Saved entries

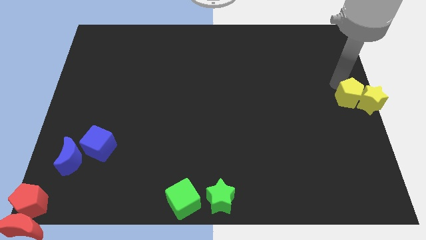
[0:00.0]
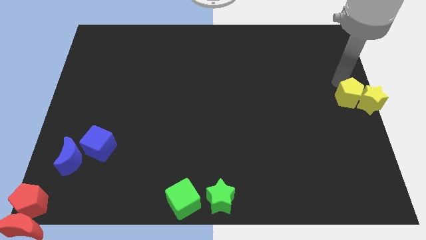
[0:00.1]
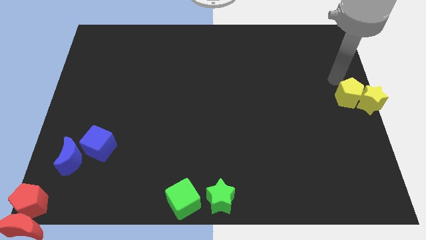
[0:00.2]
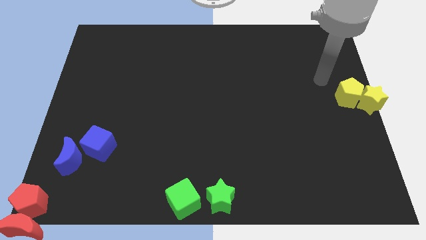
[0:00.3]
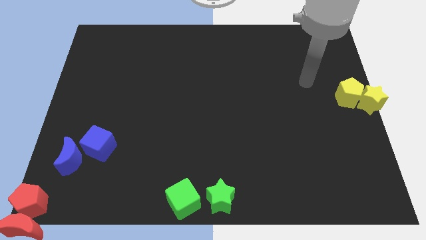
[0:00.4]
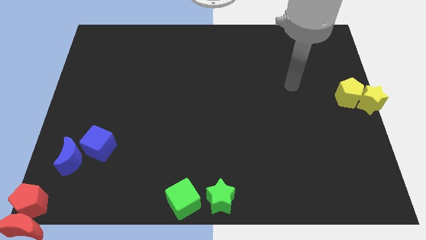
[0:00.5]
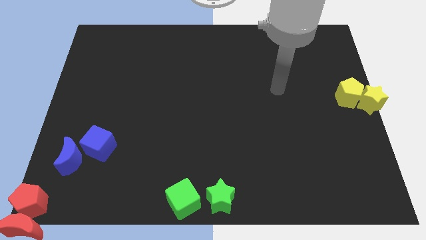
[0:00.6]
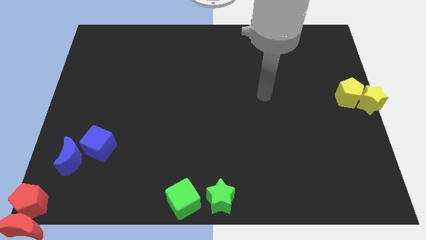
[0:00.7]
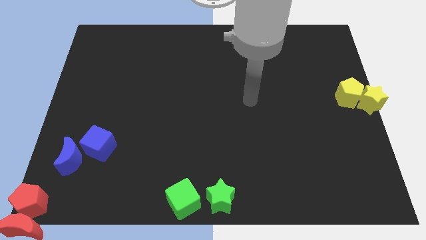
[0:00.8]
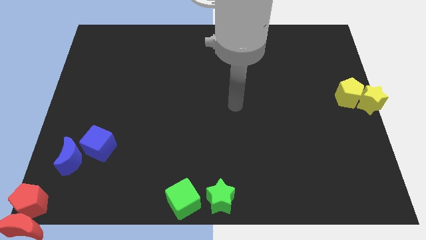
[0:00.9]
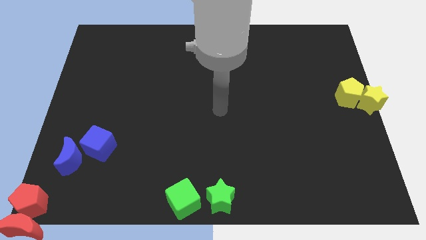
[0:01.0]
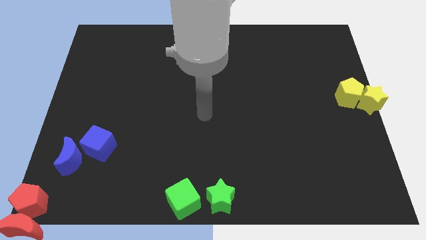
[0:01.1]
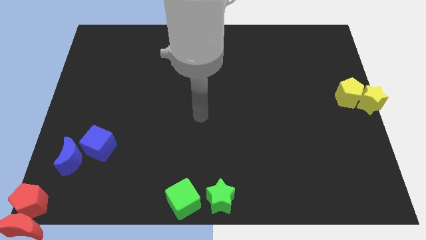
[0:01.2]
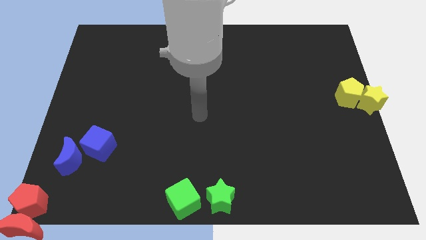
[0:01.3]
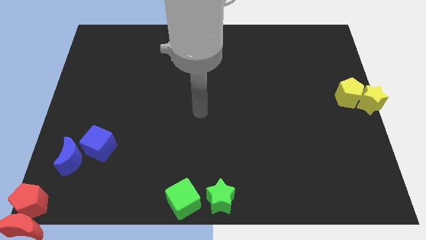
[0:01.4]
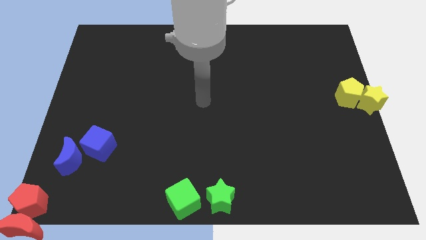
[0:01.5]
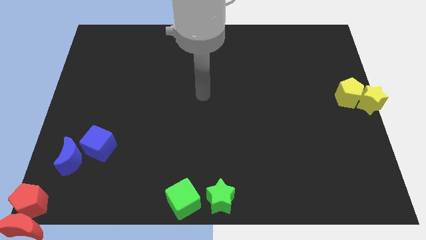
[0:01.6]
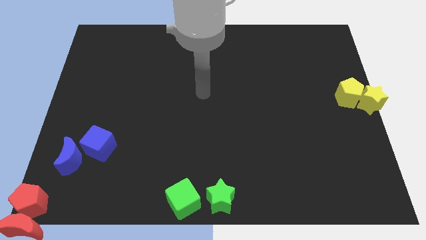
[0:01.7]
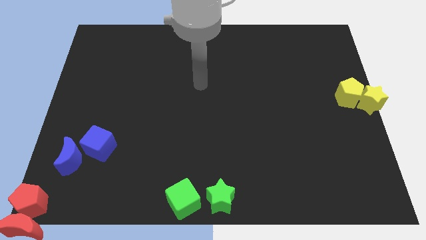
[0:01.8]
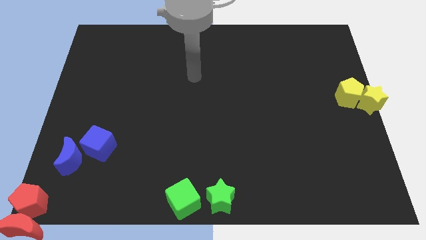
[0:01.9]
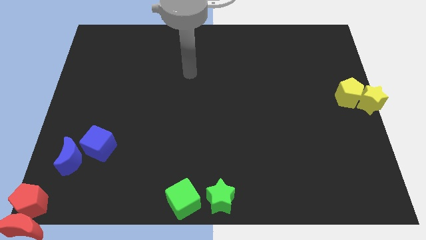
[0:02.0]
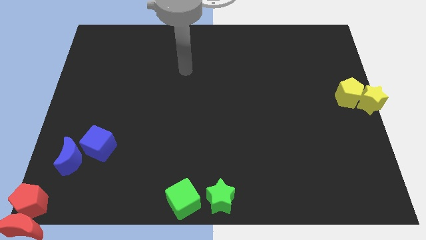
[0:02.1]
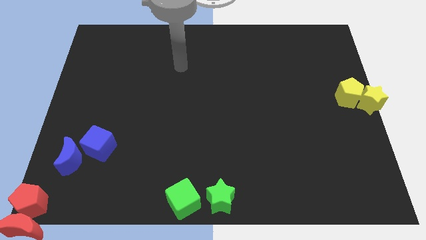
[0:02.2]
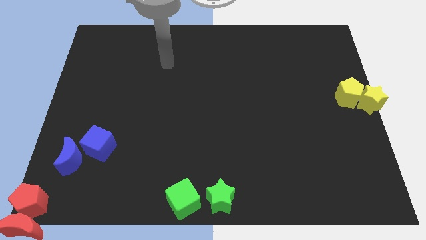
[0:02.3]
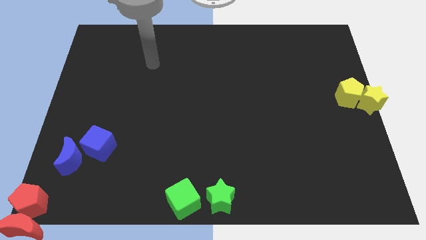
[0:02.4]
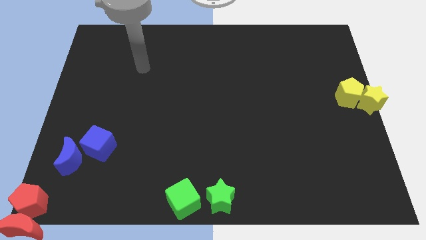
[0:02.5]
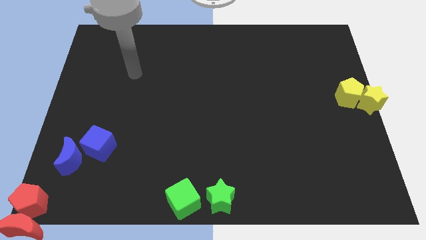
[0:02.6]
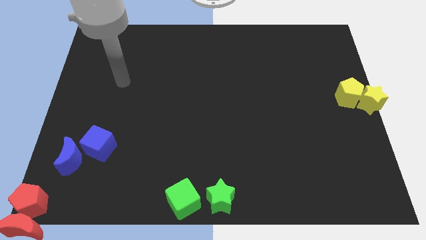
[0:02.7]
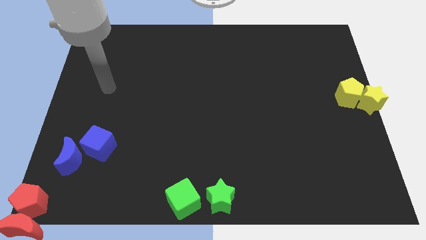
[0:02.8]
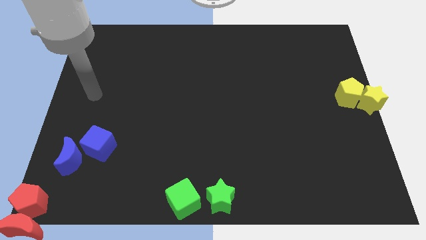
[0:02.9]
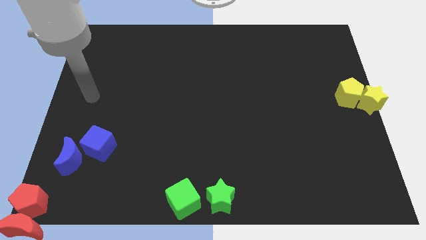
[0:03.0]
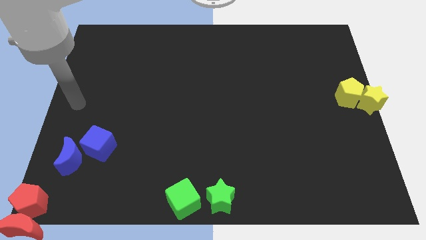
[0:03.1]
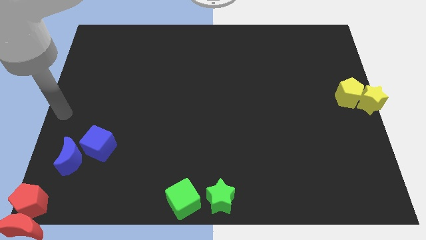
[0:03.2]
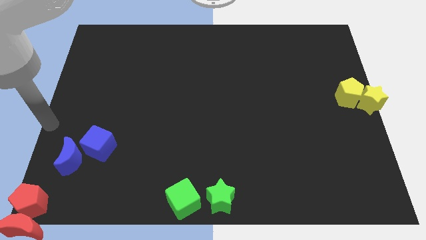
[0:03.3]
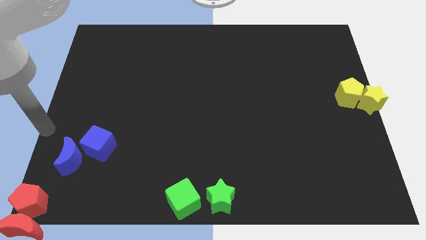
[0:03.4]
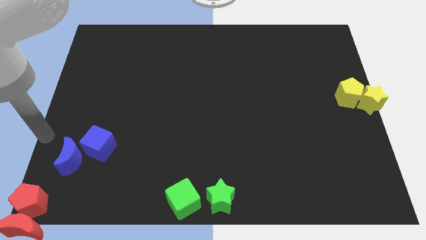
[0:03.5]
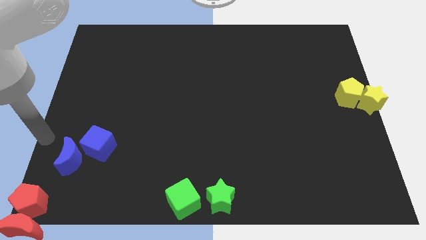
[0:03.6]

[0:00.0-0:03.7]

Task to complete >>
Repeat every line above exactly, minus the pictures.

Worked solution >>
[0:00.0]
[0:00.1]
[0:00.2]
[0:00.3]
[0:00.4]
[0:00.5]
[0:00.6]
[0:00.7]
[0:00.8]
[0:00.9]
[0:01.0]
[0:01.1]
[0:01.2]
[0:01.3]
[0:01.4]
[0:01.5]
[0:01.6]
[0:01.7]
[0:01.8]
[0:01.9]
[0:02.0]
[0:02.1]
[0:02.2]
[0:02.3]
[0:02.4]
[0:02.5]
[0:02.6]
[0:02.7]
[0:02.8]
[0:02.9]
[0:03.0]
[0:03.1]
[0:03.2]
[0:03.3]
[0:03.4]
[0:03.5]
[0:03.6]

[0:00.0-0:03.7]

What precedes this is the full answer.